### [TASK TO CARRY OUT]
Each entry must come back word for word; drop the images as you go.

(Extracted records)
——

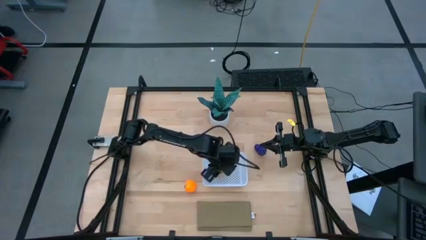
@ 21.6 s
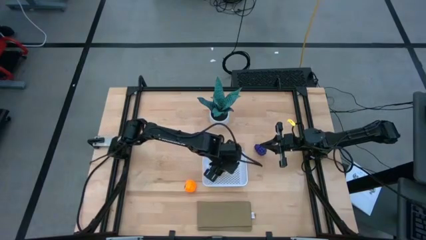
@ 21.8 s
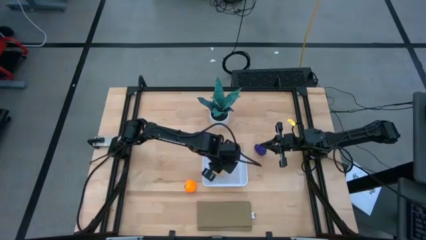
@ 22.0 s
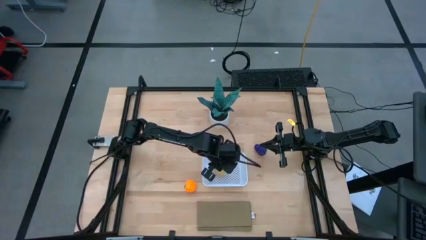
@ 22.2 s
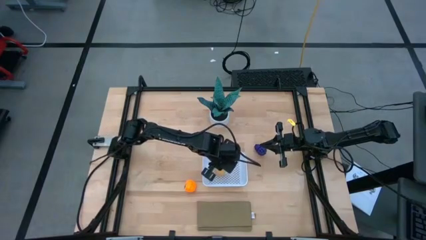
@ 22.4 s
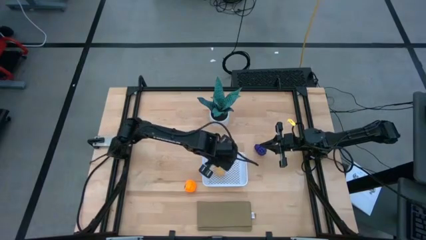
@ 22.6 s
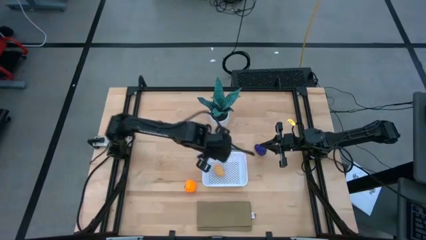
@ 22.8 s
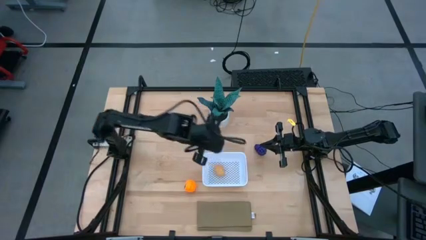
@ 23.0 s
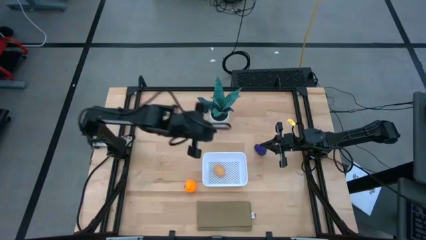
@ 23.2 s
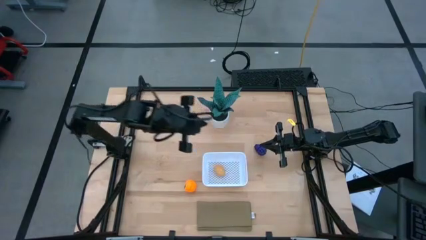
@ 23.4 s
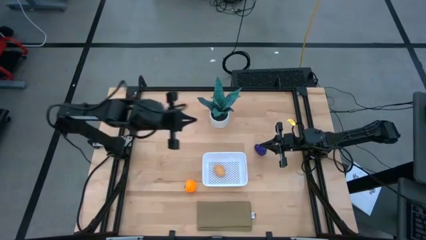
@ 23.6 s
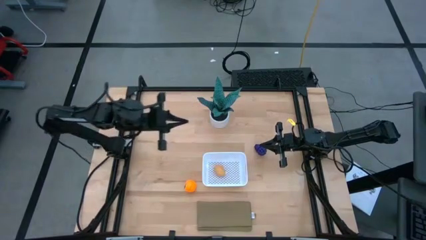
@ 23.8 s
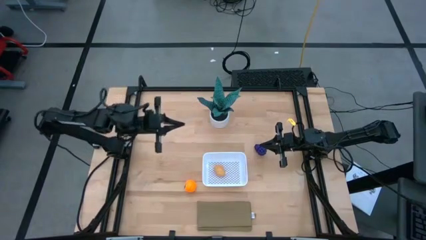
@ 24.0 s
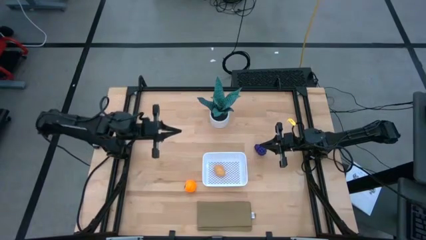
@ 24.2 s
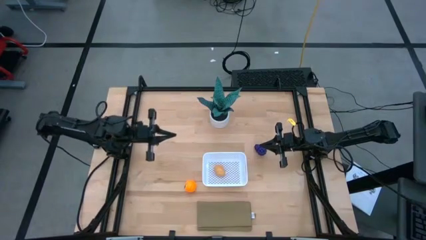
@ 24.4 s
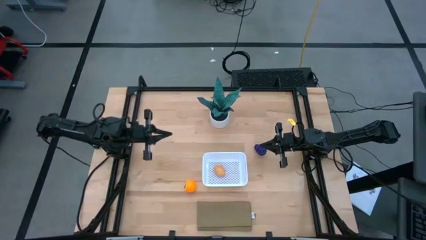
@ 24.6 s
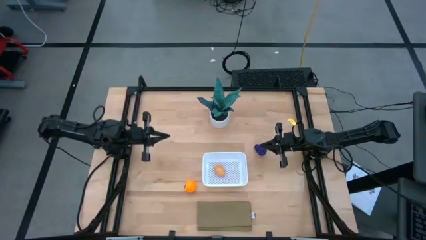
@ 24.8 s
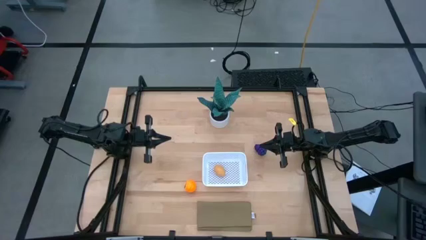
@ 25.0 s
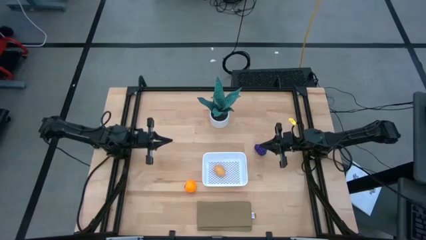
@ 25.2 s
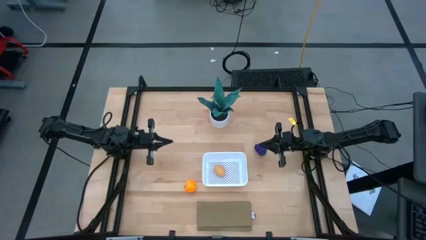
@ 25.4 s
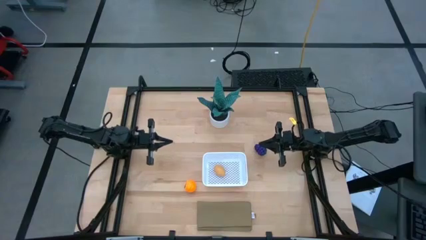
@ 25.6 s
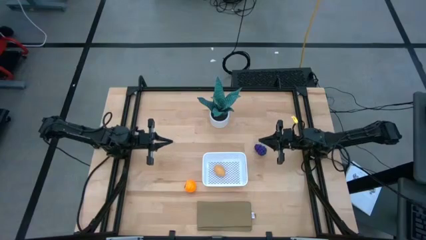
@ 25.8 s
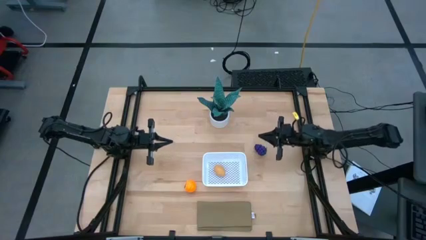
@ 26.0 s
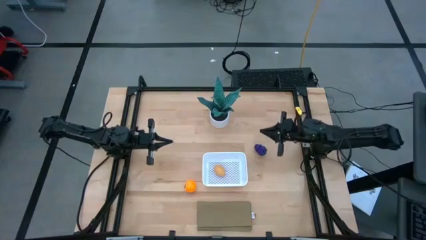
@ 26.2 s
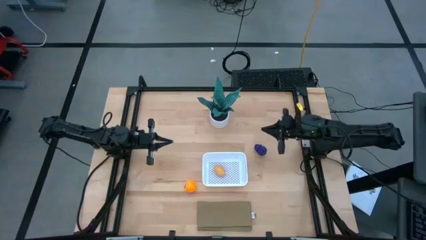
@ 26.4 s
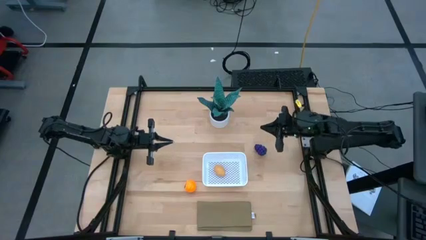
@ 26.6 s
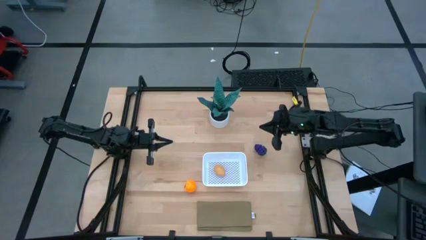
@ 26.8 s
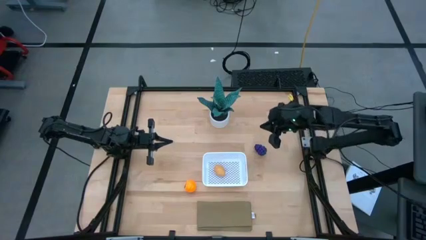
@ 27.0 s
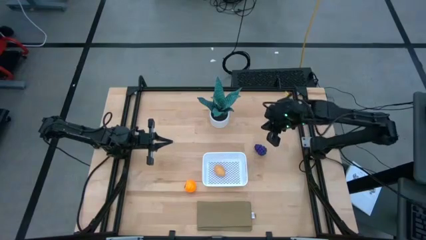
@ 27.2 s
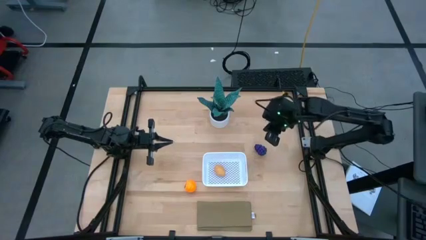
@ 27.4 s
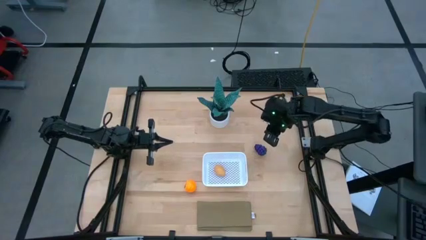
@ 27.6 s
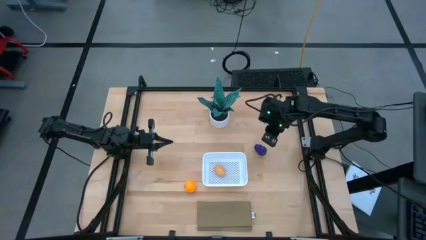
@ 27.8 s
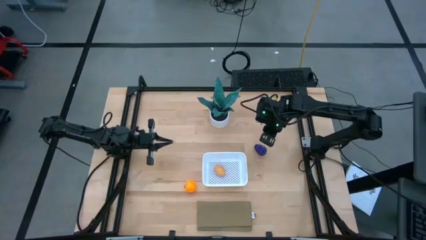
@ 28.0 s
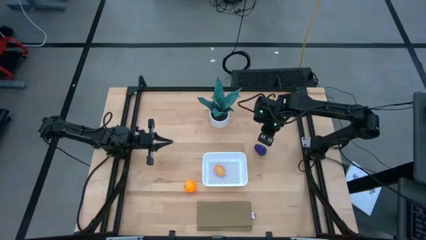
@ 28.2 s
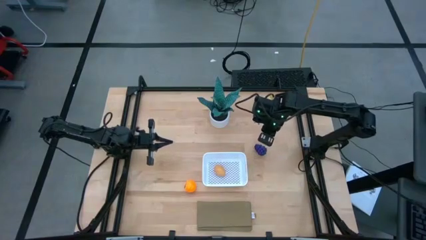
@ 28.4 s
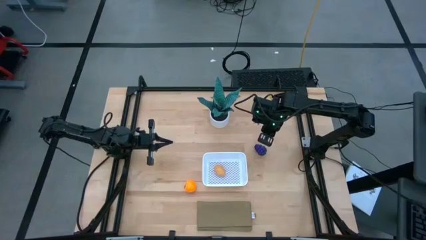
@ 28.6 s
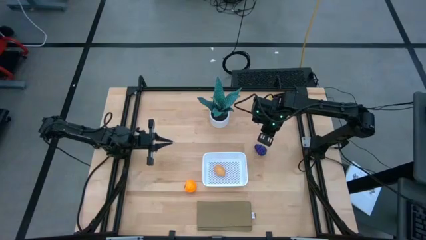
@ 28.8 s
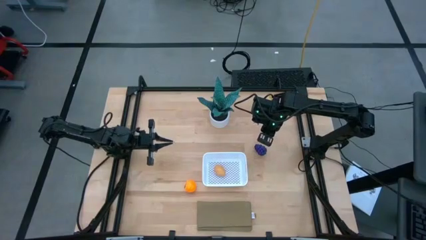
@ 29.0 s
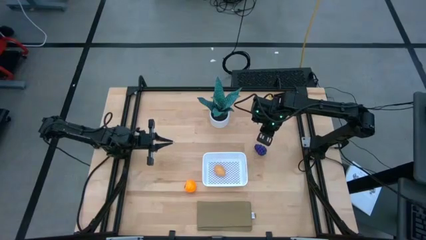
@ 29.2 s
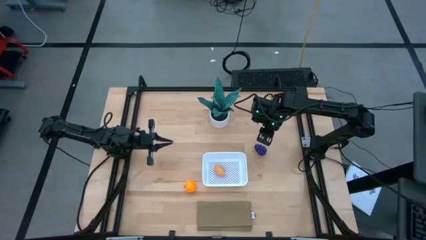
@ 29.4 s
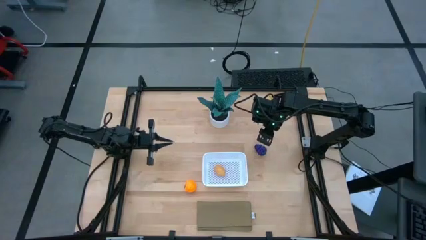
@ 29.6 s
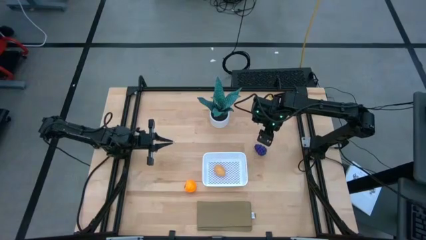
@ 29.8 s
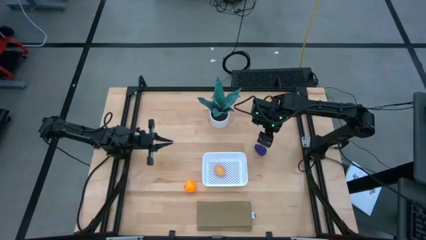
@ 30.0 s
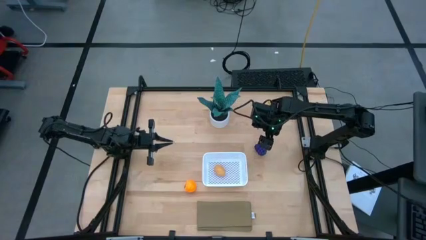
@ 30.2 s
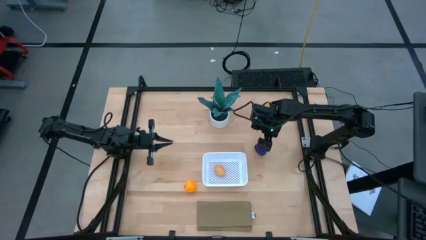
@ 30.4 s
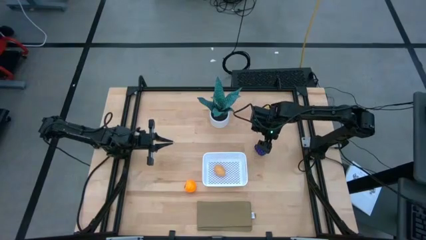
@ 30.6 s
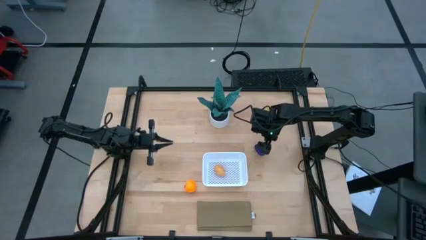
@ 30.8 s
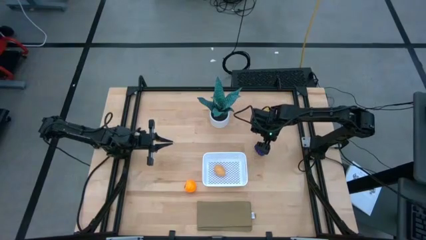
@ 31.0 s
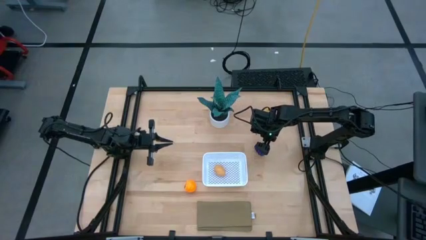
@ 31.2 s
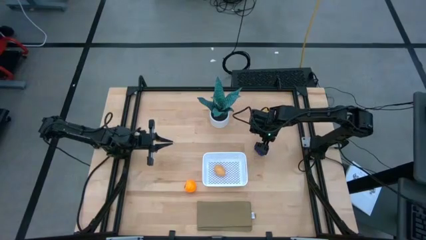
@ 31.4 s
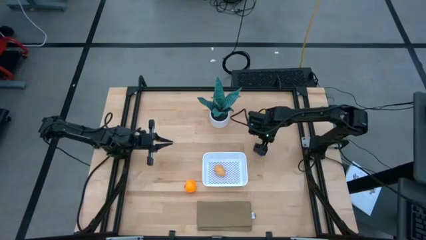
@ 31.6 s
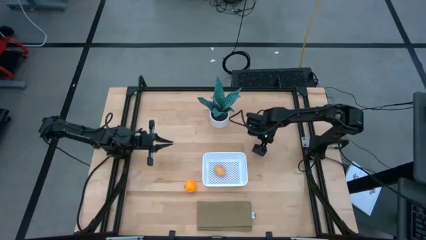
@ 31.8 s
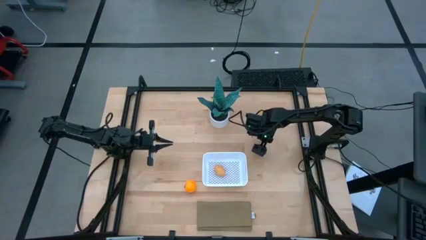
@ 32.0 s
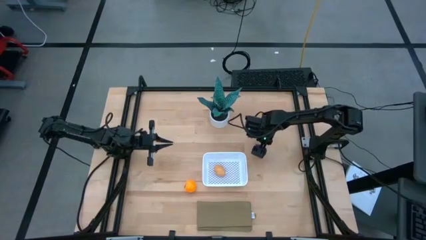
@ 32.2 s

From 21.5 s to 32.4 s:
Task: Pick and placing Produce into tupperware
Put the violet grapes into the white basket

——

### [WRITTEN SOLUTION]
@ 21.6 s
@ 21.8 s
@ 22.0 s
@ 22.2 s
@ 22.4 s
@ 22.6 s
@ 22.8 s
@ 23.0 s
@ 23.2 s
@ 23.4 s
@ 23.6 s
@ 23.8 s
@ 24.0 s
@ 24.2 s
@ 24.4 s
@ 24.6 s
@ 24.8 s
@ 25.0 s
@ 25.2 s
@ 25.4 s
@ 25.6 s
@ 25.8 s
@ 26.0 s
@ 26.2 s
@ 26.4 s
@ 26.6 s
@ 26.8 s
@ 27.0 s
@ 27.2 s
@ 27.4 s
@ 27.6 s
@ 27.8 s
@ 28.0 s
@ 28.2 s
@ 28.4 s
@ 28.6 s
@ 28.8 s
@ 29.0 s
@ 29.2 s
@ 29.4 s
@ 29.6 s
@ 29.8 s
@ 30.0 s
@ 30.2 s
@ 30.4 s
@ 30.6 s
@ 30.8 s
@ 31.0 s
@ 31.2 s
@ 31.4 s
@ 31.6 s
@ 31.8 s
@ 32.0 s
@ 32.2 s

From 21.5 s to 32.4 s:
Task: Pick and placing Produce into tupperware
Put the violet grapes into the white basket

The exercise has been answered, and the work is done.